| Exercise |
Reproduce the records exactly. Leave the pictures out.

| Dataset content |
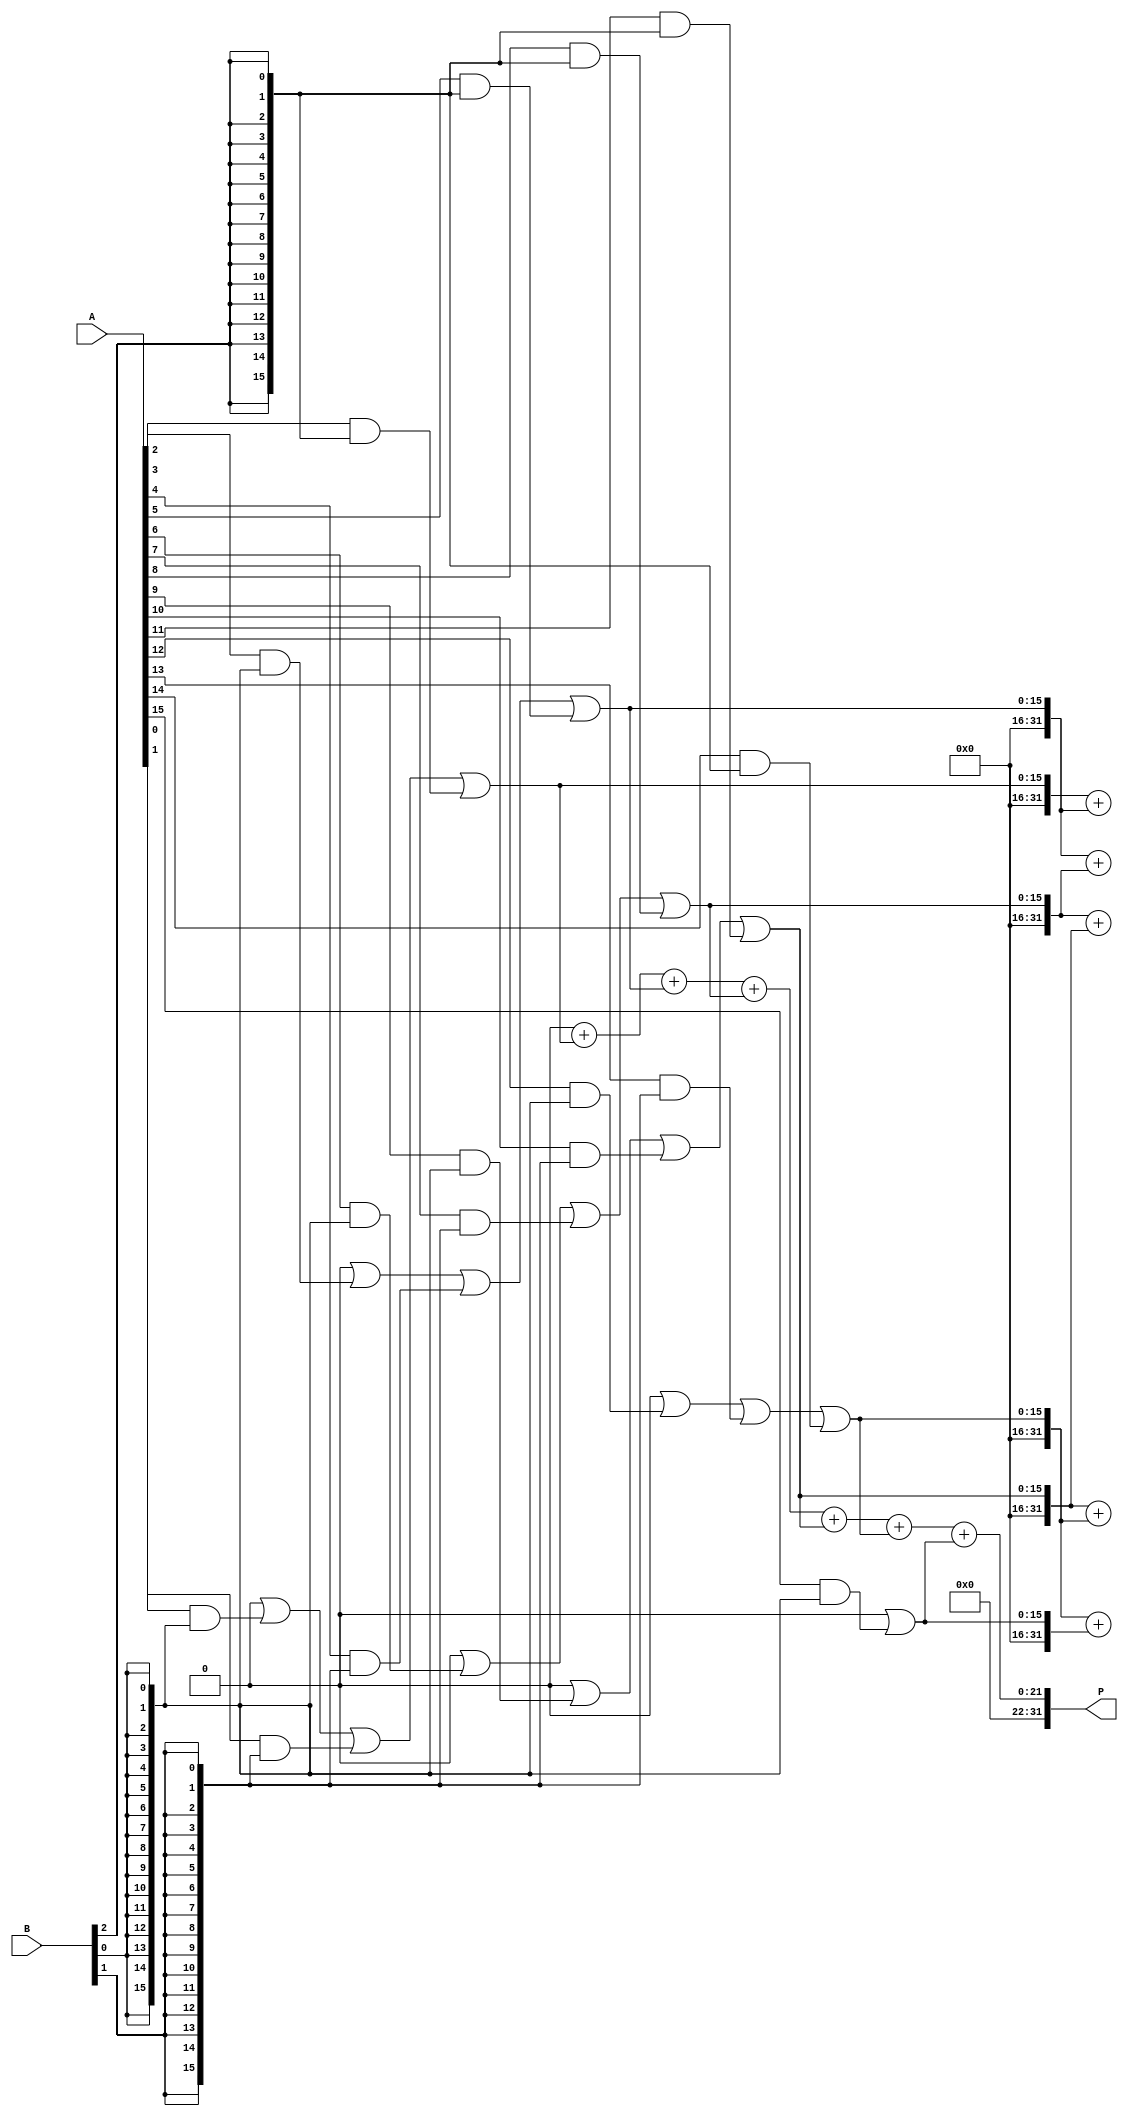
module HigherRadixWallaceTreeMultiplier #(parameter N = 16) (
    input [N-1:0] A,
    input [N-1:0] B,
    output reg [2*N-1:0] P
);

    // Number of groups based on radix
    localparam RADIX = 8;
    localparam GROUP_SIZE = $clog2(RADIX);
    localparam NUM_GROUPS = (N + GROUP_SIZE - 1) / GROUP_SIZE;

    // Partial product array
    reg [N-1:0] partial_products[0:NUM_GROUPS-1];

    // Generate partial products
    integer i, j;
    always @(*) begin
        for (i = 0; i < NUM_GROUPS; i = i + 1) begin
            partial_products[i] = 0;
            for (j = 0; j < GROUP_SIZE; j = j + 1) begin
                if (i * GROUP_SIZE + j < N) begin
                    partial_products[i] = partial_products[i] | (A[j + (i * GROUP_SIZE)] & {N{B[j]}});
                end
            end
        end
    end

    // Wallace tree reduction
    wire [2*N-1:0] sum[0:NUM_GROUPS-1];
    wire [NUM_GROUPS-1:0] carry;

    // Initial stage of reduction
    always @(*) begin
        for (i = 0; i < NUM_GROUPS; i = i + 1) begin
            sum[i] = {1'b0, partial_products[i]};
        end
    end

    // Reduction using half-adders and full-adders
    generate
        genvar k;
        for (k = 0; k < NUM_GROUPS - 1; k = k + 1) begin : reduction_stage
            wire [2*N-1:0] a, b;
            assign a = sum[k];
            assign b = sum[k + 1];
            assign {carry[k], sum[k + 1]} = a + b; // Simple addition for reduction
        end
    endgenerate

    // Final addition stage
    always @(*) begin
        P = 0;
        for (i = 0; i < NUM_GROUPS; i = i + 1) begin
            P = P + sum[i];
        end
    end

endmodule

| Task output |
module HigherRadixWallaceTreeMultiplier #(parameter N = 16) (
    input [N-1:0] A,
    input [N-1:0] B,
    output reg [2*N-1:0] P
);

    // Number of groups based on radix
    localparam RADIX = 8;
    localparam GROUP_SIZE = $clog2(RADIX);
    localparam NUM_GROUPS = (N + GROUP_SIZE - 1) / GROUP_SIZE;

    // Partial product array
    reg [N-1:0] partial_products[0:NUM_GROUPS-1];

    // Generate partial products
    integer i, j;
    always @(*) begin
        for (i = 0; i < NUM_GROUPS; i = i + 1) begin
            partial_products[i] = 0;
            for (j = 0; j < GROUP_SIZE; j = j + 1) begin
                if (i * GROUP_SIZE + j < N) begin
                    partial_products[i] = partial_products[i] | (A[j + (i * GROUP_SIZE)] & {N{B[j]}});
                end
            end
        end
    end

    // Wallace tree reduction
    wire [2*N-1:0] sum[0:NUM_GROUPS-1];
    wire [NUM_GROUPS-1:0] carry;

    // Initial stage of reduction
    always @(*) begin
        for (i = 0; i < NUM_GROUPS; i = i + 1) begin
            sum[i] = {1'b0, partial_products[i]};
        end
    end

    // Reduction using half-adders and full-adders
    generate
        genvar k;
        for (k = 0; k < NUM_GROUPS - 1; k = k + 1) begin : reduction_stage
            wire [2*N-1:0] a, b;
            assign a = sum[k];
            assign b = sum[k + 1];
            assign {carry[k], sum[k + 1]} = a + b; // Simple addition for reduction
        end
    endgenerate

    // Final addition stage
    always @(*) begin
        P = 0;
        for (i = 0; i < NUM_GROUPS; i = i + 1) begin
            P = P + sum[i];
        end
    end

endmodule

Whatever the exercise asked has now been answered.